Commissioner Várhelyi was careful to mark the limits of the Commission’s role. Financing healthcare, he stressed, is “exclusive national competence”, and Brussels was “not trying to get involved”. But he offered support where it could help, pointing to the first assessment published under the EU’s new Health Technology Assessment rules. More consistent use of that tool, he suggested, could speed patients’ access to new medicines.
The SPC: “Two parts of the equation”
The Commissioner also used the press conference to answer member states, among them Malta, Italy, Poland and Estonia, that have warned against the most contested part of the Biotech Act regulation. That measure would extend supplementary protection certificates (SPCs) by a year, lengthening patent protection on certain biotech medicines.
Critics say it would delay cheaper biosimilars and raise costs. Malta had been the bluntest in the earlier debate, calling itself “reluctant to direct taxpayer money into an industry which refuses to supply small markets or that expects us to pay substantially higher prices than large member states”.
If we don’t do it, we won’t have that therapy. This is a much bigger risk. — Olivér Várhelyi, Commissioner for Health and Animal Welfare
Mr Várhelyi framed his defence around “two parts of the equation”. On cost, he argued that prevention could ease the strain on health budgets from an ageing population and a projected doubling of chronic disease. Care now absorbs around 80 per cent of health budgets against just 3–6 per cent for prevention, he said, yet “with every euro spent on prevention you can save four, four and a half euros in care”. His conclusion: “I’m not that worried about the funding.”

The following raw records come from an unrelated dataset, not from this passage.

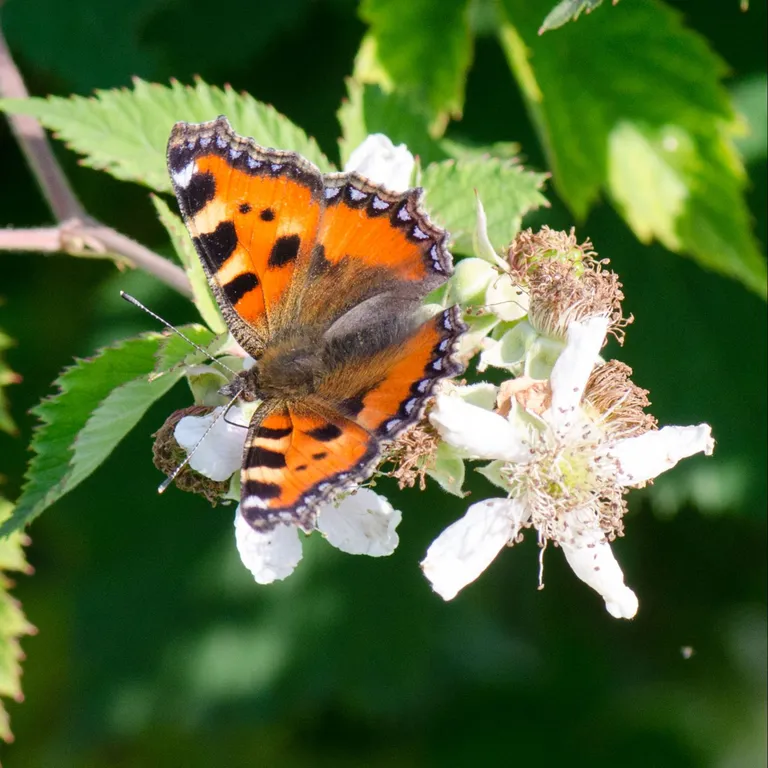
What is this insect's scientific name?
Aglais urticae
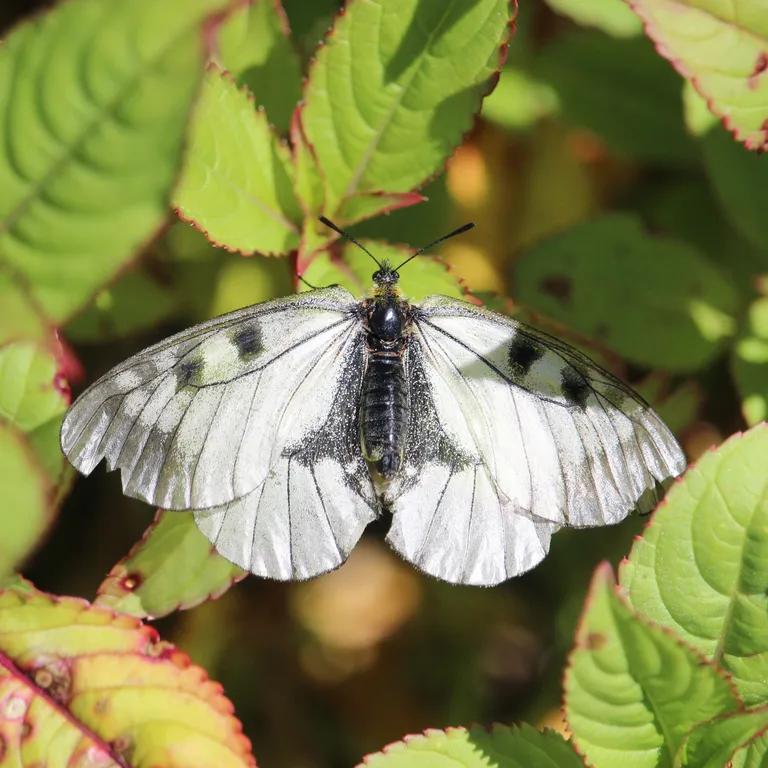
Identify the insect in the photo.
Parnassius mnemosyne
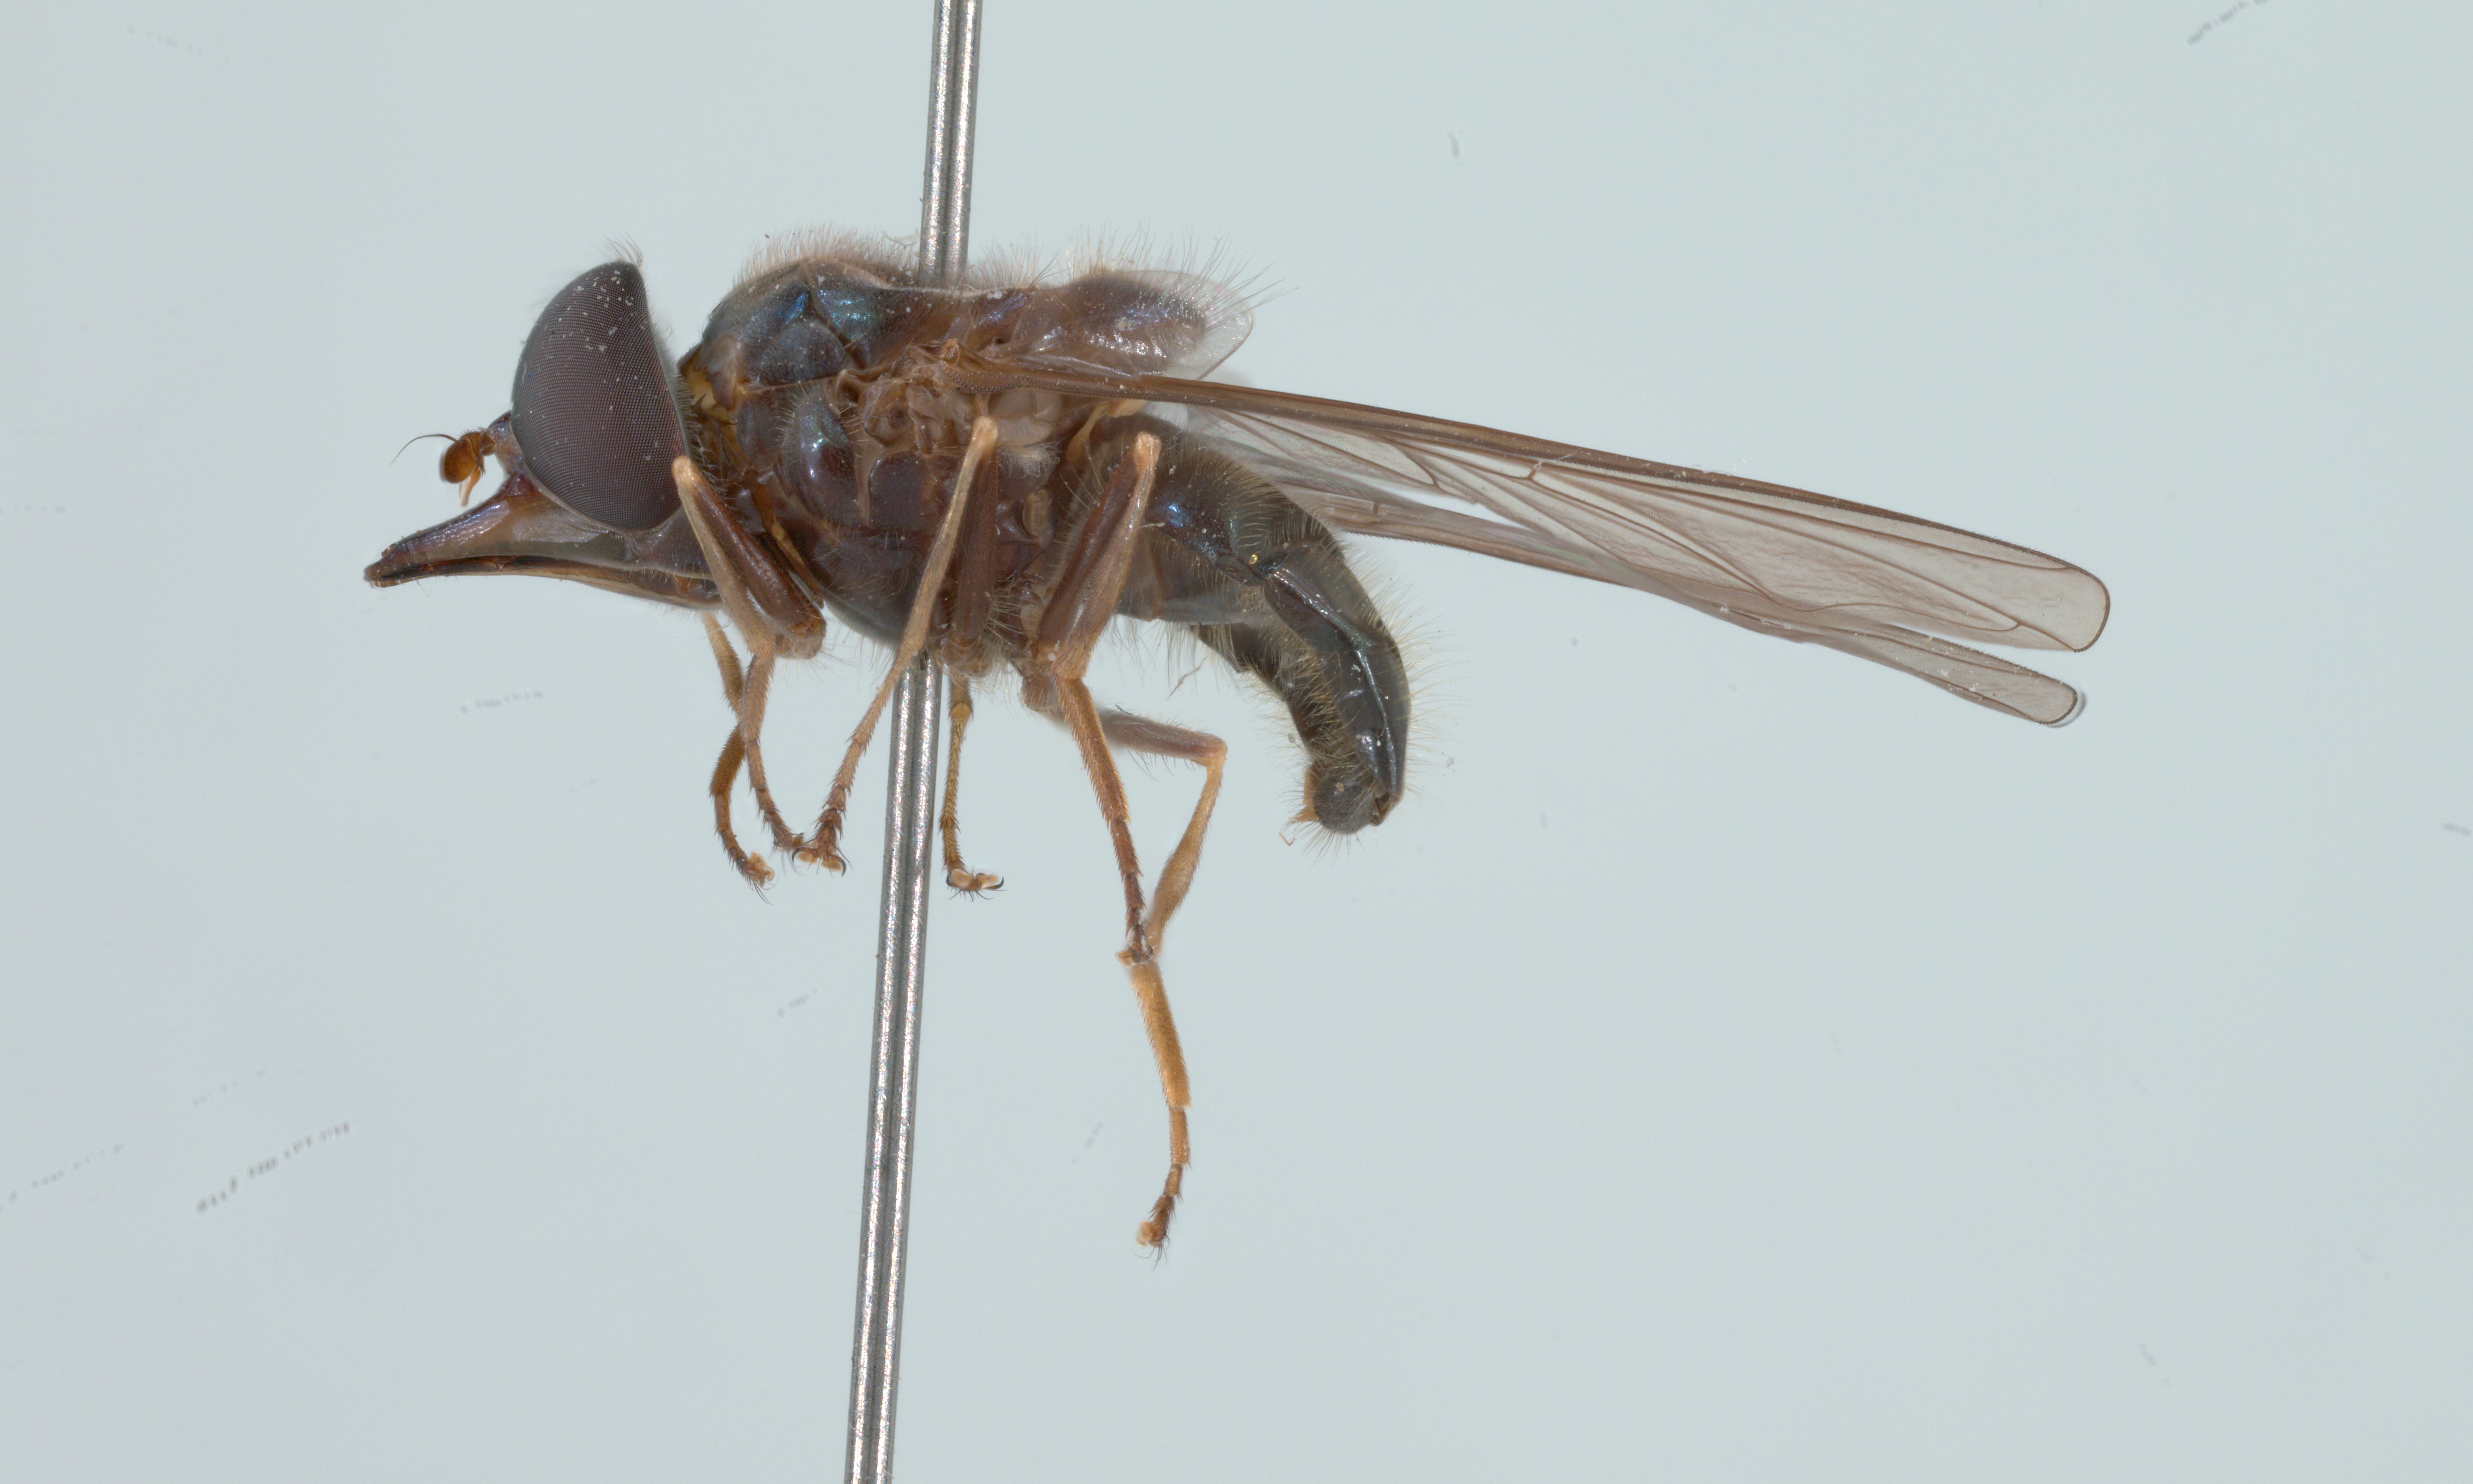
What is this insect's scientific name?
Rhingia cyanoprora

The other part, he said, was access: the latest therapies will reach Europe’s patients only if companies manufacture them on the continent. The SPC, he argued, is a long-term incentive to anchor innovation, clinical trials and manufacturing in Europe. He stressed that it is deliberately narrow, covering only biotech inventions “innovated, clinically tested and manufactured in Europe,” with “strong economic and political conditionalities attached”.
He put the cost at “70 million euros per product per year” but called that beside the point. “If we don’t do it, we won’t have that therapy. This is a much bigger risk,” he said, especially for rare diseases and cancer, where most of the affected products originate.
The rest of the agenda
The pricing discussion ran alongside the Council’s formal business. Ministers agreed their negotiating position on the European Biotech Act I directive, which updates the rules on genetically modified micro-organisms (GMMs) and the processing of organs. It is the first legislative deliverable of the Commission’s December health package. Ministers also debated the accompanying regulation, setting out national priorities for strengthening the EU’s biotechnology and biomanufacturing sectors.

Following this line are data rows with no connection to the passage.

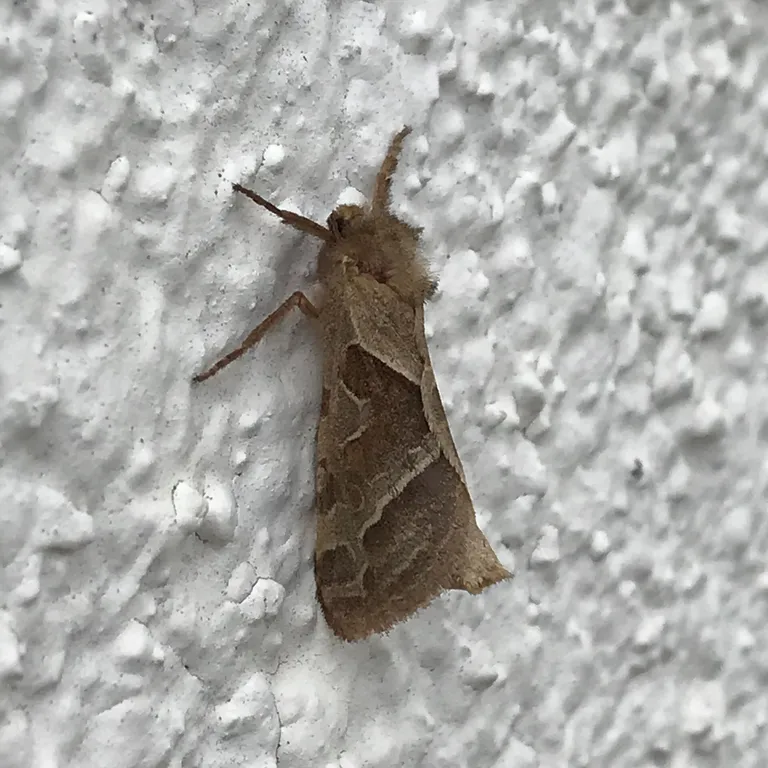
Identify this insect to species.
Triodia sylvina
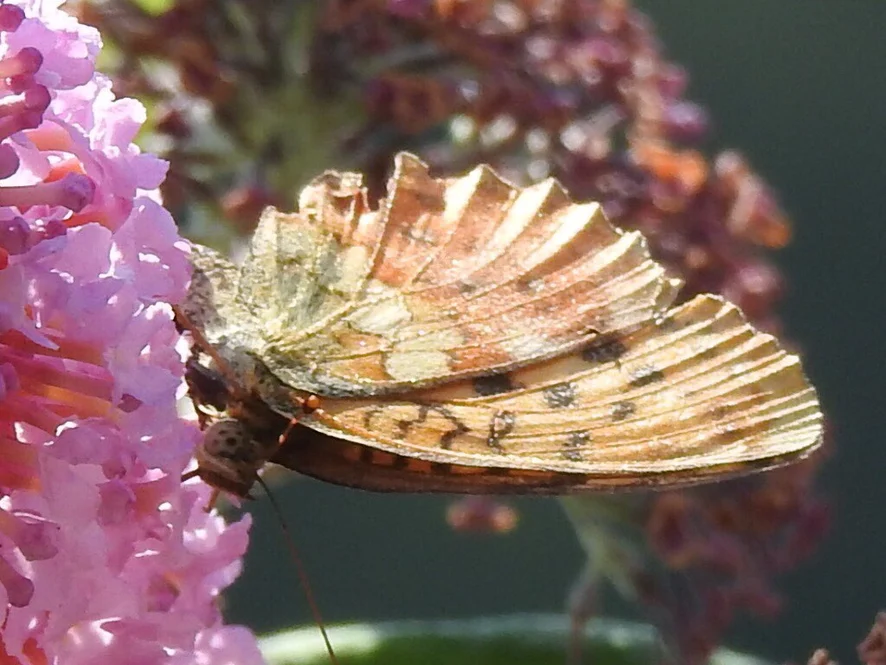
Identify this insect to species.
Brenthis daphne
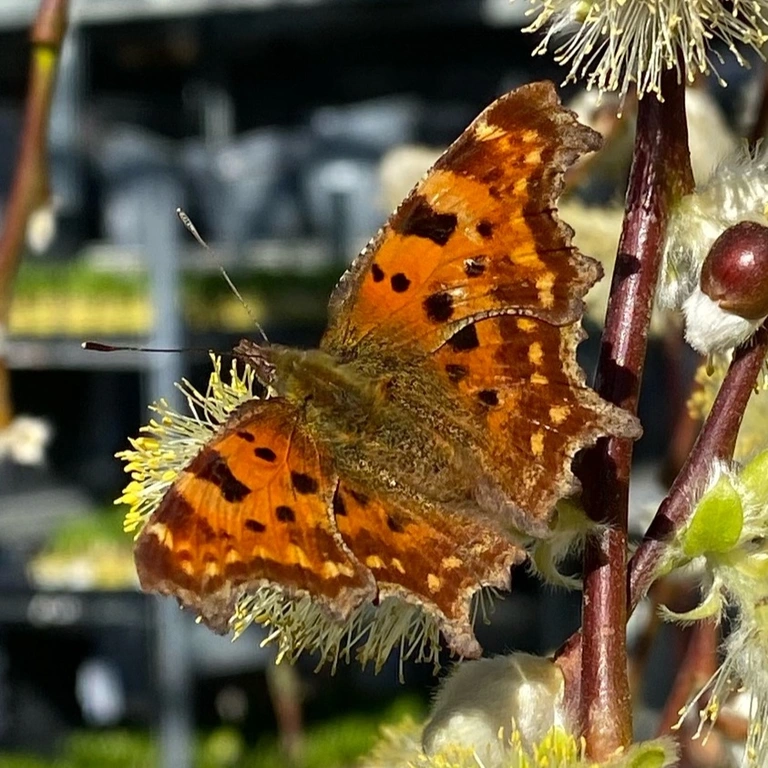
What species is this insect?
Polygonia c-album
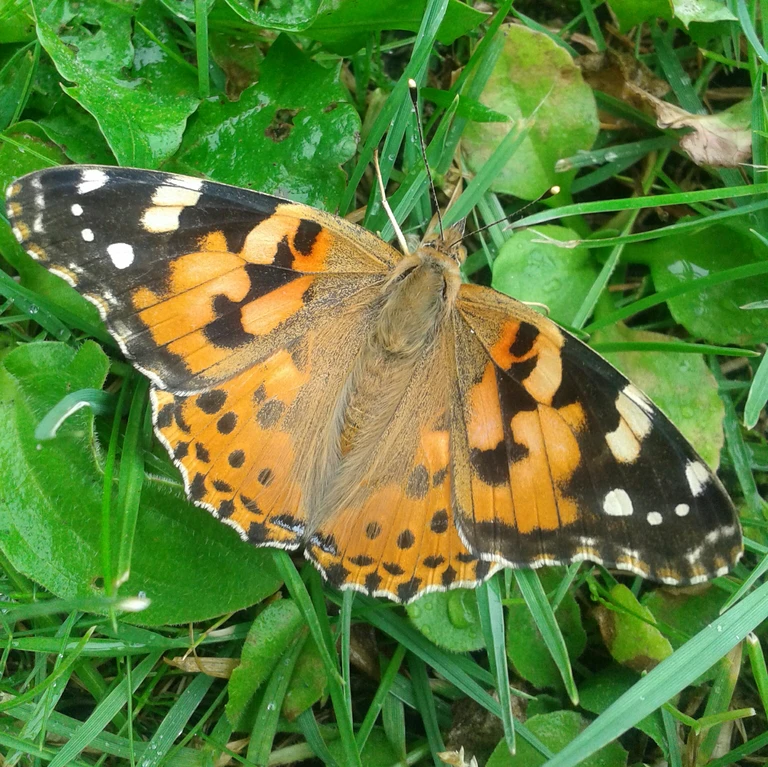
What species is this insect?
Vanessa cardui

The Cyprus presidency presented a progress report on a separate proposal to simplify the rules for medical and in vitro diagnostic devices, which aims to cut red tape and ease shortages of certain devices. Under “other business”, ministers also received updates on the recent Ebola Bundibugyo virus outbreak in Central Africa, the Critical Medicines Act, the urban waste water treatment directive, the pandemic agreement, the presidency’s health conferences, and the incoming Irish presidency’s work programme.
Over to Dublin
The unfinished business now passes to Ireland, which takes over the presidency on 1 July. Its health minister has signalled urgency on the Biotech Act, and Dublin will open negotiations with the less contentious clinical-trials chapter first. Mr Várhelyi’s MFN analysis, promised before the summer, will land on the same desk.